How long? How long will this grief last? You were not my everything, but you took up much of my life. I miss you. It seems like you're just a blurry memory now and that scares me. I get that we're becoming different people, but I miss what we had as friends, where we just connected on things. I miss our long talks, I miss you calling me to complain about things and me giving you a sermon, I miss hearing you cry on my shoulder, I miss going to the park with you, I miss driving you everywhere, I miss your presence in my life. I miss knowing what to pray about for you. I miss being nonchalant about me liking you and in a way, I still miss liking you. I miss having things to tell you. I miss journaling about you and writing you poems. I miss going to shows together and I miss playing them together. I miss telling you your taste in music kind of sucks. I miss representing Christ to you in everything I do.
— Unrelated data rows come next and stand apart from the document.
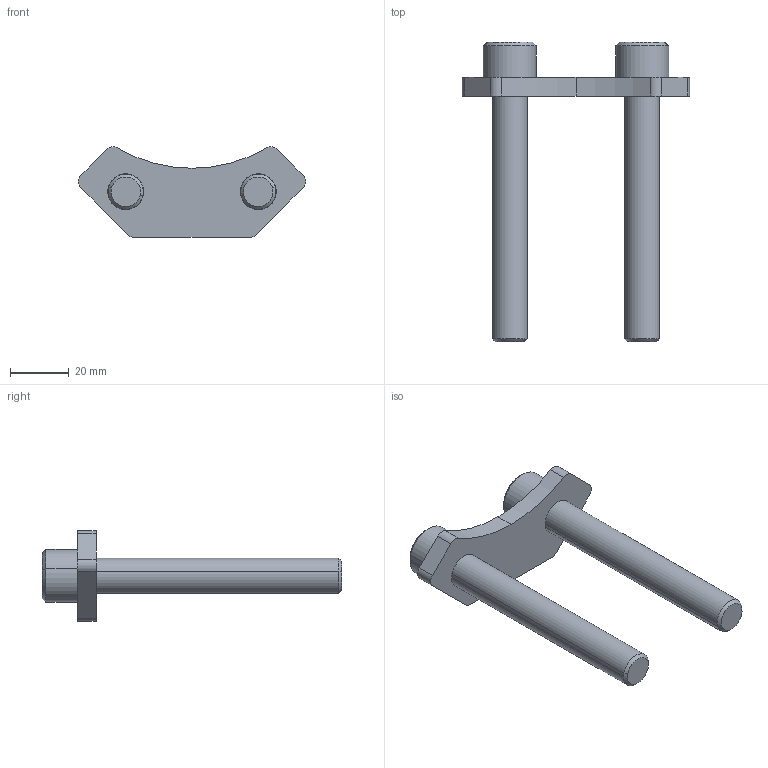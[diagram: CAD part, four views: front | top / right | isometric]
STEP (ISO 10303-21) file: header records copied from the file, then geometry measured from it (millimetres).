
FILE_DESCRIPTION (( 'STEP AP214' ), '1' );
FILE_NAME ('3-Way Corner Brkt Washer Plate-90mm SHCS Kit(40H3W-3401-001-05).STEP', '2020-03-17T18:52:11', ( '' ), ( '' ), 'SwSTEP 2.0', 'SolidWorks 2019', '' );
FILE_SCHEMA (( 'AUTOMOTIVE_DESIGN' ));
Length unit declared in the file: millimetre
Products named in the file (3): Socket Head Cap Screw_M12x1.75x90mm PT; 3-Way Corner Bracket Washer Plate_MFG Stage 1; 3-Way Corner Brkt Washer Plate-90mm SHCS Kit(40H3W-3401-001-05)
Assembly tree (3 placements, depth 2):
  3-Way Corner Brkt Washer Plate-90mm SHCS Kit(40H3W-3401-001-05)
    3-Way Corner Bracket Washer Plate_MFG Stage 1
    Socket Head Cap Screw_M12x1.75x90mm PT  x2
Bounding box: 77.47 x 102 x 30.83 mm (x, y, z)
Volume: 34476.9 mm3; surface area: 14048.7 mm2
Topology: 3 solids, 3 shells, 73 faces, 167 edges, 100 vertices
Faces by surface type: plane 37, cylinder 20, cone 12, torus 4
Entity records: 1461 total; most frequent: DIRECTION 257, CARTESIAN_POINT 226, ORIENTED_EDGE 214, EDGE_CURVE 107, AXIS2_PLACEMENT_3D 98, VERTEX_POINT 67, LINE 61, VECTOR 61
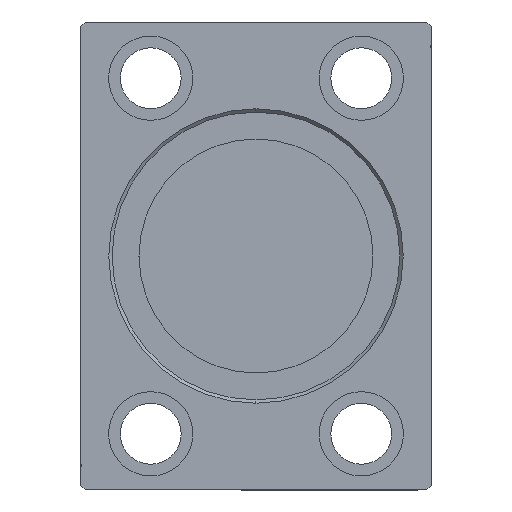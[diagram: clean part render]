
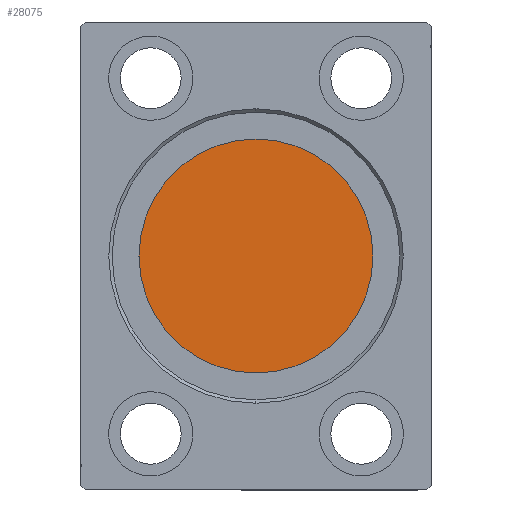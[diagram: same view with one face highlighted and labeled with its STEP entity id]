
A CAD part, left-side view. The second image highlights one B-rep face of the part: STEP entity #28075.
In plain terms, the highlighted planar face has unit normal (-1, 0, 0).
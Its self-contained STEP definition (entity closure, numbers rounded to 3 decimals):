
#1962 = EDGE_CURVE ( 'NONE', #6639, #15161, #28658, .T. ) ;
#2398 = CARTESIAN_POINT ( 'NONE',  ( 169.2, 0., 0. ) ) ;
#2576 = ORIENTED_EDGE ( 'NONE', *, *, #1962, .T. ) ;
#4864 = DIRECTION ( 'NONE',  ( -1., 0., 0. ) ) ;
#6252 = CIRCLE ( 'NONE', #28229, 25. ) ;
#6639 = VERTEX_POINT ( 'NONE', #23229 ) ;
#8854 = FACE_OUTER_BOUND ( 'NONE', #26009, .T. ) ;
#10805 = ORIENTED_EDGE ( 'NONE', *, *, #18279, .T. ) ;
#14225 = AXIS2_PLACEMENT_3D ( 'NONE', #41626, #21663, #22092 ) ;
#15161 = VERTEX_POINT ( 'NONE', #33771 ) ;
#18279 = EDGE_CURVE ( 'NONE', #15161, #6639, #6252, .T. ) ;
#21663 = DIRECTION ( 'NONE',  ( -1., 0., 0. ) ) ;
#21976 = PLANE ( 'NONE',  #33814 ) ;
#22092 = DIRECTION ( 'NONE',  ( 0., 0., 1. ) ) ;
#23229 = CARTESIAN_POINT ( 'NONE',  ( 169.2, 0., 25. ) ) ;
#26009 = EDGE_LOOP ( 'NONE', ( #2576, #10805 ) ) ;
#28075 = ADVANCED_FACE ( 'NONE', ( #8854 ), #21976, .T. ) ;
#28229 = AXIS2_PLACEMENT_3D ( 'NONE', #41389, #4864, #34732 ) ;
#28646 = DIRECTION ( 'NONE',  ( -1., 0., 0. ) ) ;
#28658 = CIRCLE ( 'NONE', #14225, 25. ) ;
#33771 = CARTESIAN_POINT ( 'NONE',  ( 169.2, 0., -25. ) ) ;
#33814 = AXIS2_PLACEMENT_3D ( 'NONE', #2398, #28646, #41720 ) ;
#34732 = DIRECTION ( 'NONE',  ( 0., 0., 1. ) ) ;
#41389 = CARTESIAN_POINT ( 'NONE',  ( 169.2, 0., 0. ) ) ;
#41626 = CARTESIAN_POINT ( 'NONE',  ( 169.2, 0., 0. ) ) ;
#41720 = DIRECTION ( 'NONE',  ( 0., 0., 1. ) ) ;

I miss you filling that whole in my heart where an awkward kid needs to be. But I pray the good Lord will replace it and restore it.
I don't know really where you're at or what you're doing and that bothers me, because I used to always know. I miss sending a billion texts of the same thing to your phone and you being surprised. I miss you being the catalyst for a lot of my action. And I miss sticking up for you. I miss looking out for you and always having your back. I miss telling you which direction you should head in next in life.
I miss a lot about us. That was 7 months of a relationship and 2 years of a friendship. We made each other. Who's going to make me now?
Jesus is Author and Creator, but He also sends people like you so I may have joy in my life. Where is the joy now? Oh where, oh where have you gone, true, pure joy?
I just want this sad song to mean something so sweet to somebody other than me.